2004年8月30日月曜日

大叔母を訪ねる

 先日、ふと思い立って、茅ヶ崎に祖父の妹に当たる人を訪ねてみた。娘が夏休みの宿題で祖先について書くというので、この大叔母に昔の話を聞いてみたらどうかと思ったのだ。  

 91歳になる大叔母の記憶は、最近のことになるとかなりあやふやだったが、昔のことは不思議と覚えていて、一番知りたかった関東大震災の話も、大叔父の助けを借りながら聞きだすことができた。私の祖父は本所に住んでいたので、震災で家は全焼し、焼け跡に残っていたのは金槌一本だったという話は、私も子供のころから何度も聞かされていた。当時、学生だった祖父は隅田川に飛びこんで難を逃れたらしい。この地震ですべてを失ったためか、祖父の家の記録はないに等しい。子供のころの写真も一枚しか見つからないし、早くに亡くなったという曽祖父の写真も一枚あるきりだ。  

 今回、この大叔母をはじめ、いろいろな親戚に昔の話を聞き、高祖父の代まではたどることができたが、その先は誰に聞いてもわからなかった。たかだか150年前に、自分の祖先が何をしていたかすら、知るすべがないのだ。  

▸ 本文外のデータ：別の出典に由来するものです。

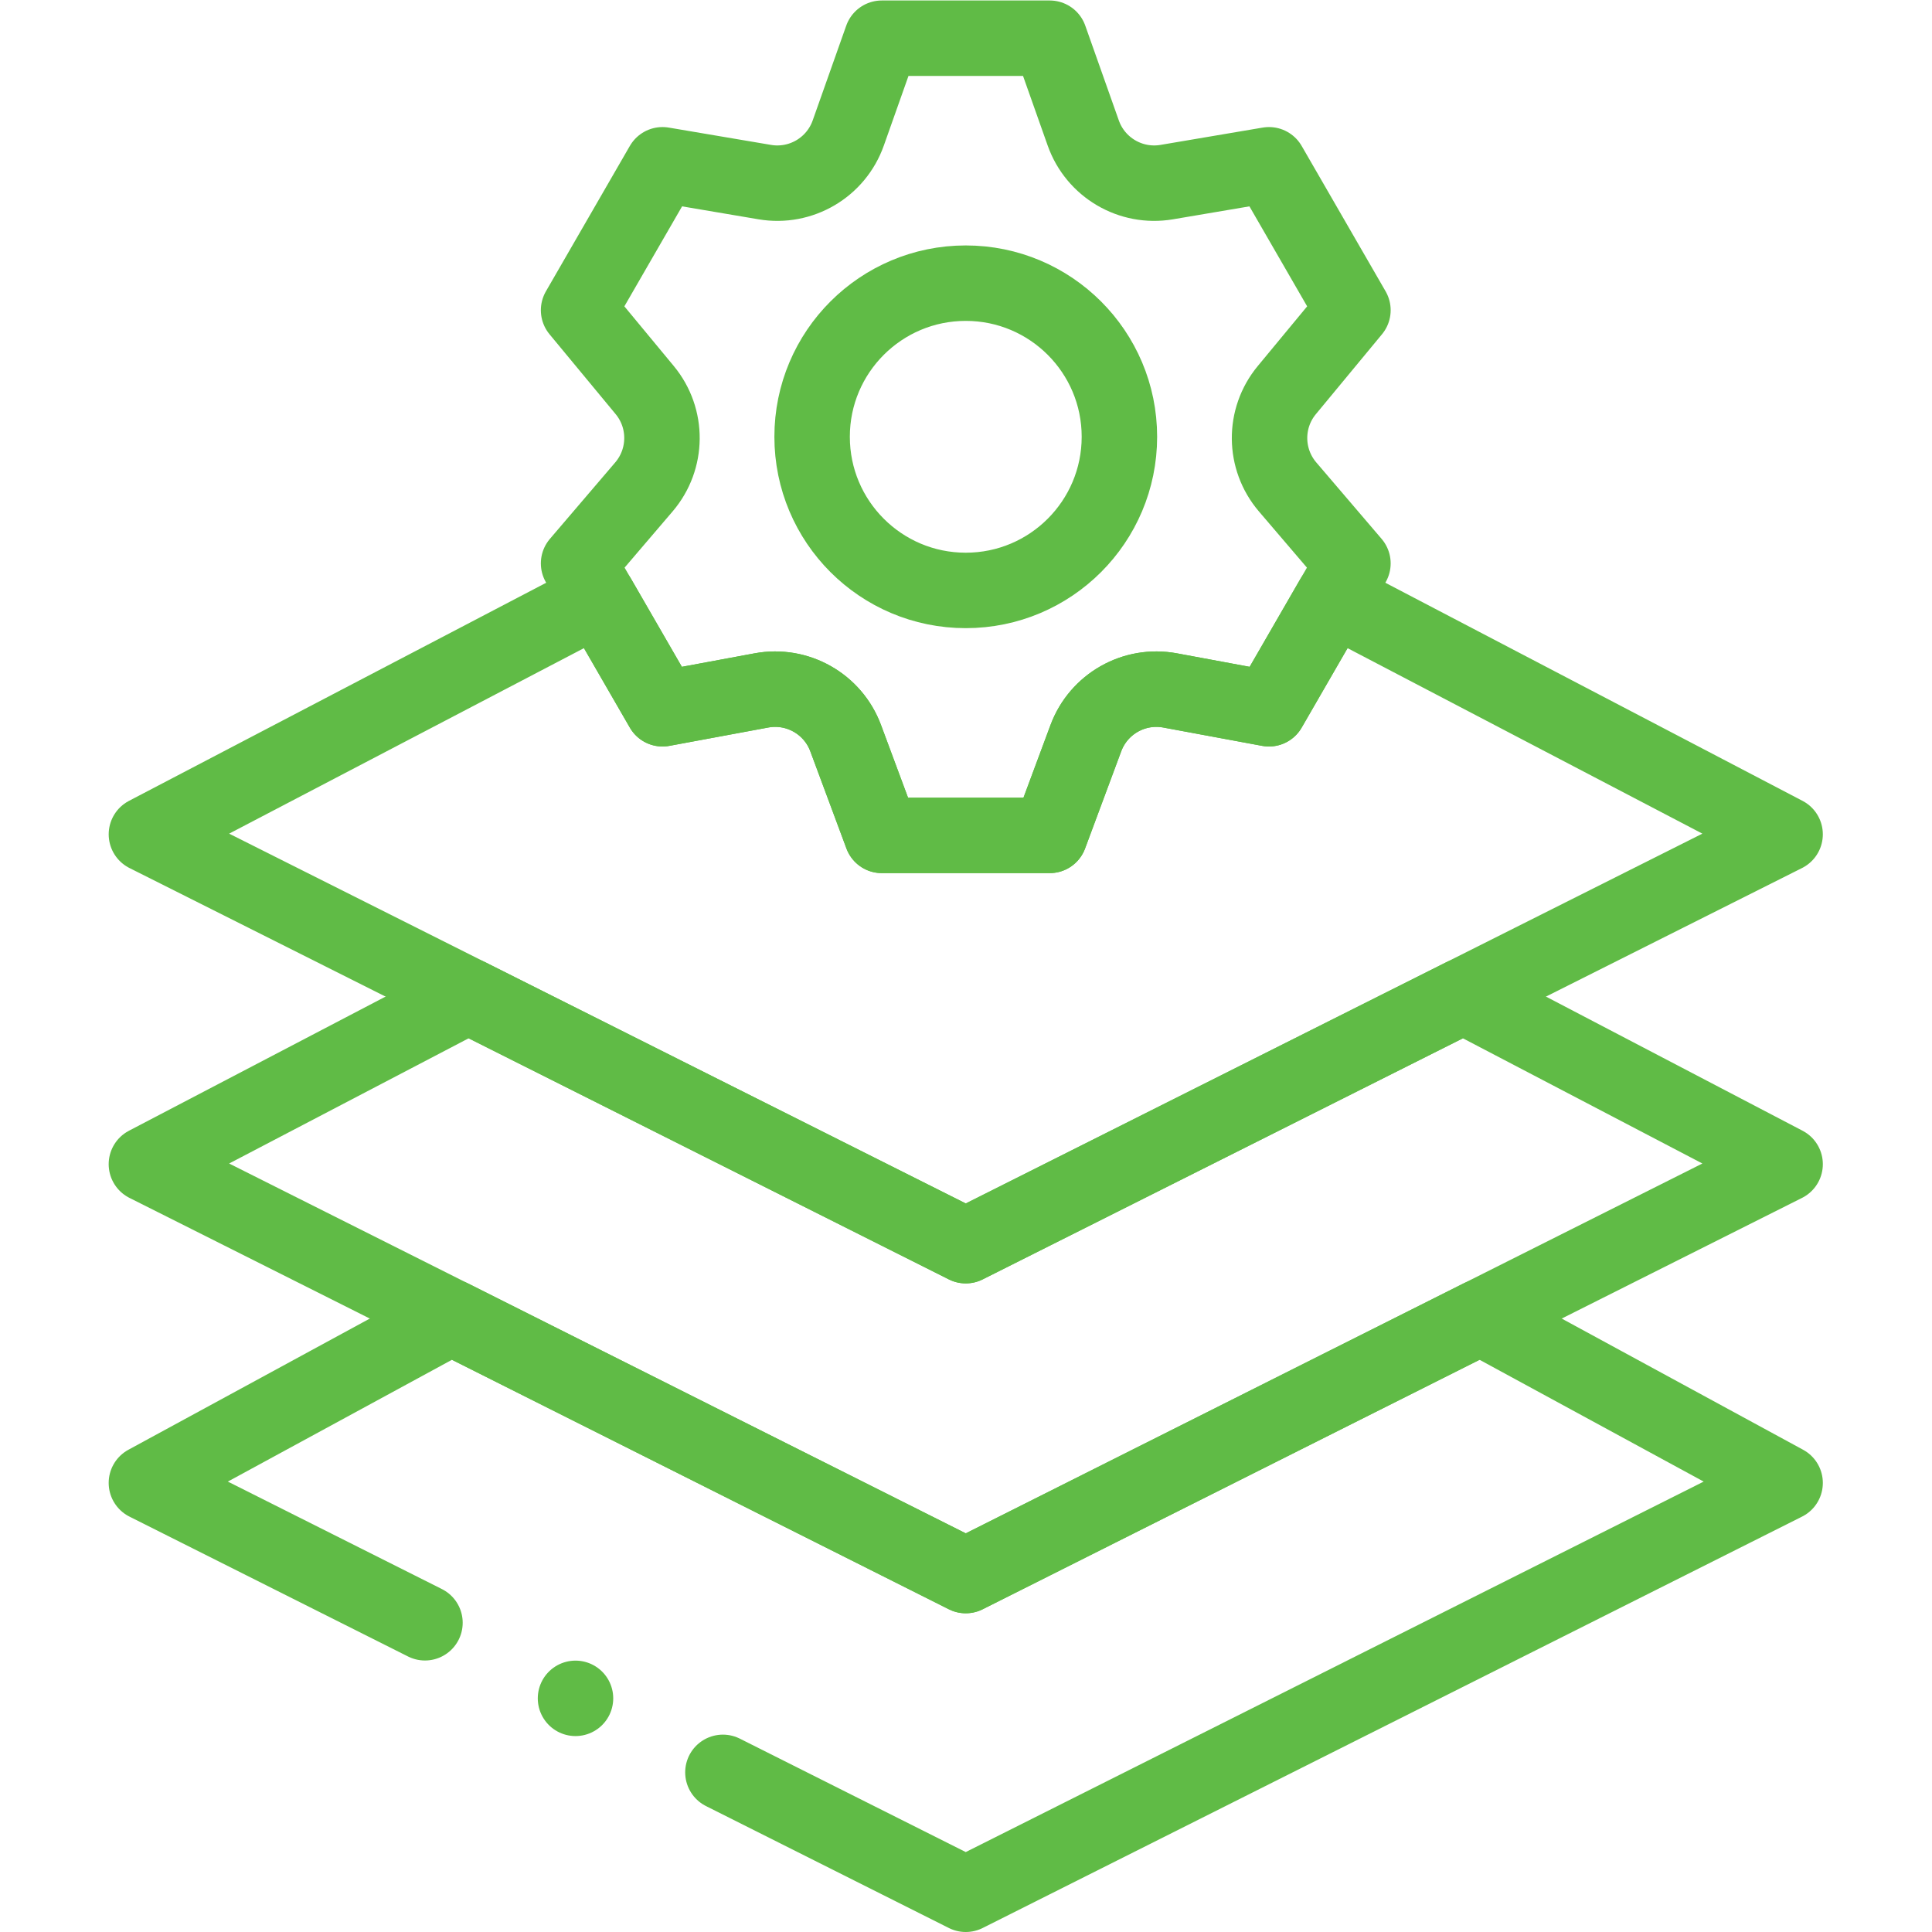 <svg xmlns="http://www.w3.org/2000/svg" version="1.1" xmlns:xlink="http://www.w3.org/1999/xlink" width="512" height="512" x="0" y="0" viewBox="0 0 682.667 682.667" style="enable-background:new 0 0 512 512" xml:space="preserve" class=""><g><defs><clipPath id="a" clipPathUnits="userSpaceOnUse"><path d="M0 512h512V0H0Z" fill="#60bb46" opacity="1" data-original="#000000"></path></clipPath></defs><g clip-path="url(#a)" transform="matrix(1.333 0 0 -1.333 0 682.667)"><path d="M0 0c-22.493 0-40.729 18.236-40.729 40.729S-22.493 81.447 0 81.447c22.492 0 40.729-18.225 40.729-40.718C40.729 18.236 22.492 0 0 0Zm85.11 53.107 17.522 21.175-22.252 38.545-27.102-4.59c-9.56-1.62-18.9 3.875-22.131 13.013l-8.896 25.13h-44.503l-8.896-25.13c-3.231-9.138-12.57-14.633-22.13-13.013l-27.103 4.59-22.251-38.545 17.531-21.175c6.179-7.467 6.089-18.295-.212-25.672l-17.319-20.269 22.251-38.535 26.217 4.861c9.53 1.771 18.96-3.573 22.332-12.661l9.58-25.764h44.503l9.581 25.764c3.381 9.088 12.801 14.432 22.332 12.661l26.216-4.861 22.252 38.535-17.32 20.269c-6.3 7.377-6.391 18.205-.202 25.672z" style="stroke-width:20;stroke-linecap:round;stroke-linejoin:round;stroke-miterlimit:10;stroke-dasharray:none;stroke-opacity:1" transform="translate(256 355.62)" fill="none" stroke="#60bb46" stroke-width="20" stroke-linecap="round" stroke-linejoin="round" stroke-miterlimit="10" stroke-dasharray="none" stroke-opacity="" data-original="#000000" opacity="1" class=""></path><path d="m0 0 64.373-32.318L281.565 76.725l-80.811 43.919L64.373 52.168l-136.381 68.476-80.811-43.919 73.841-37.074" style="stroke-width:20;stroke-linecap:round;stroke-linejoin:round;stroke-miterlimit:10;stroke-dasharray:none;stroke-opacity:1" transform="translate(191.627 42.318)" fill="none" stroke="#60bb46" stroke-width="20" stroke-linecap="round" stroke-linejoin="round" stroke-miterlimit="10" stroke-dasharray="none" stroke-opacity="" data-original="#000000" opacity="1" class=""></path><path d="m0 0-217.192-109.043L-434.385 0l85.323 44.604 131.87-66.202 131.869 66.202z" style="stroke-width:20;stroke-linecap:round;stroke-linejoin:round;stroke-miterlimit:10;stroke-dasharray:none;stroke-opacity:1" transform="translate(473.192 203.53)" fill="none" stroke="#60bb46" stroke-width="20" stroke-linecap="round" stroke-linejoin="round" stroke-miterlimit="10" stroke-dasharray="none" stroke-opacity="" data-original="#000000" opacity="1" class=""></path><path d="m0 0-217.189-109.043L-434.379 0l119.851 62.658 16.958-29.377 26.216 4.862c9.531 1.77 18.96-3.574 22.333-12.662l9.58-25.763h44.503l9.581 25.763c3.38 9.088 12.8 14.432 22.332 12.662l26.215-4.862 16.958 29.377z" style="stroke-width:20;stroke-linecap:round;stroke-linejoin:round;stroke-miterlimit:10;stroke-dasharray:none;stroke-opacity:1" transform="translate(473.19 290.97)" fill="none" stroke="#60bb46" stroke-width="20" stroke-linecap="round" stroke-linejoin="round" stroke-miterlimit="10" stroke-dasharray="none" stroke-opacity="" data-original="#000000" opacity="1" class=""></path><path d="M0 0v0" style="stroke-width:20;stroke-linecap:round;stroke-linejoin:round;stroke-miterlimit:10;stroke-dasharray:none;stroke-opacity:1" transform="translate(152.553 61.937)" fill="none" stroke="#60bb46" stroke-width="20" stroke-linecap="round" stroke-linejoin="round" stroke-miterlimit="10" stroke-dasharray="none" stroke-opacity="" data-original="#000000" opacity="1" class=""></path></g></g></svg>

 大震災のとき、祖父の家族が被服廠跡に避難し、そのあとすぐに別の場所へ移動したおかげで命拾いしたことも、今回の「調査」でわかった。この跡地には4万人が避難したが、そのあと火災旋風が起こったために約3万8000人がここで亡くなったそうだ。関東大震災が起きたのは1923年9月1日午前11時58分というから、いまから81年前のことだ。14万以上の死者・行方不明者をだし、57万棟が倒壊または消失したという。それだけの規模の災害となれば、関東の人はほとんどがなんらかのかたちで、この震災とかかわっているはずだ。だが、こうした災害ですら、80年も経てば人の意識からすっぽり消え失せ、9月1日は防災訓練の日にすぎなくなる。あと10年、20年もすれば関東大震災の体験者はほとんどみな他界してしまうだろう。1世紀という歳月は、人間の記憶を一新するのだ。  

 いや、人の記憶がなくなるのに、それほどの年月は必要ないのかもしれない。普通の家庭であれば、親の体験は多かれ少なかれ子供に伝わる。とはいえ、たいていの子は説教じみた話は聞きたがらないから、親の苦しい体験談を積極的に知ろうとするのは、よほど歴史に関心がある子くらいだろう。思春期になれば、親と必要なこと以外はしゃべらなくなる子も多いので、実際には子供に伝えられる期間はかぎられている。祖父母が近くにいる環境であれば、さらにひと昔前の記憶も伝わるが、祖父母とは疎遠という家庭も多いだろう。 

 そう考えると、50年、ひょっとすると30年くらいで、大半のことは忘れ去られるのかもしれない。ひとりの人間が生きた痕跡など、いとも簡単に消えてしまう。死んで10年もすれば、誰も私のことなど思い出しもしないと考えるのは、ちょっぴり寂しい。だから、祖先のことを若い世代の娘が調べれば、あの世にいる顔も知らない祖先たちは喜んでくれるだろう。91歳の大叔母の記憶は、今回の訪問で口から口へ確実に伝わった。ルーツを知ることは、自分を知ることにもつながる。暑い日に茅ヶ崎駅から延々と歩いて訪ねた甲斐があったような気がした。